One strategy St. Michael’s School teachers have implemented this fall is the Single Point Rubric. The rubric provides the Success Criteria, or the benchmarks that students should achieve toward their Learning Intention (learning goal). Students evaluate their own work based on the benchmarks and determine if they are still “Growing” toward that goal, or if they are “Glowing,” because they have achieved or even surpassed that goal. Students must also be able to prove their self-evaluation with evidence or data pulled directly from their work. In addition, some teachers are asking students to record themselves explaining and defending their progress. Teaching students to accurately and reflectively self-evaluate, and focus more on improvement rather than a grade, will give them ownership of their own learning and hold them accountable for their own growth.


You can use this model at home as well with tasks or chores you want your child to accomplish. For example, if the goal is for your child to clean their room, then you need to set specific benchmarks or Success Criteria to achieve that goal: fold clothes neatly (you might have to teach this first) and put them in the dresser, hang clothes in closet, make bed, etc. Then, your child should be able to evaluate their own progress based on the Success Criteria you established. Other examples might be feeding or walking a pet, cutting the grass, emptying the trash, and so forth.

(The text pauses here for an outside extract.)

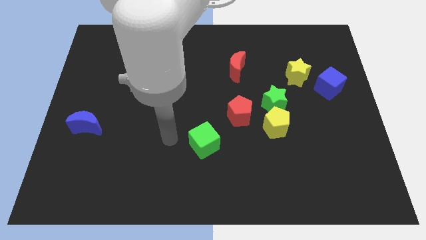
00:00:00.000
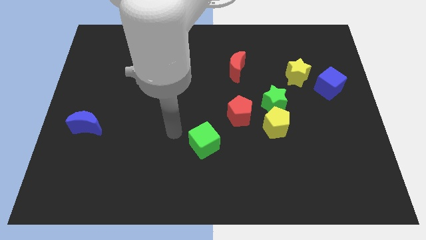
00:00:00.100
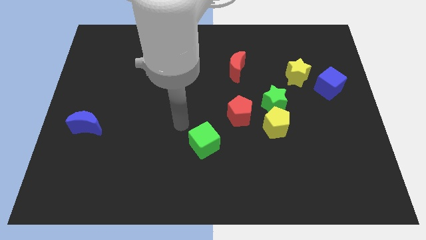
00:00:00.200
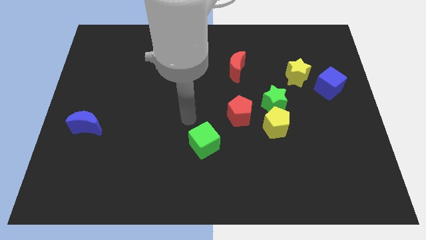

It also works well for sports, music, or other extra-curricular activities – instead of waiting for praise from a parent or coach, children should be able to realistically reflect on their own performance, and then set goals for improvement.


Self-evaluation/reflection is a process that is not intuitive and must be taught. As adults, we have all encountered individuals whose contributions fall far short of our own expectations, yet they think they are exceptional. Conversely, there are those who sell themselves short, and do not see the value of their gifts. Arming students with the ability to accurately and fairly evaluate their achievements will set them up for success today and in the future.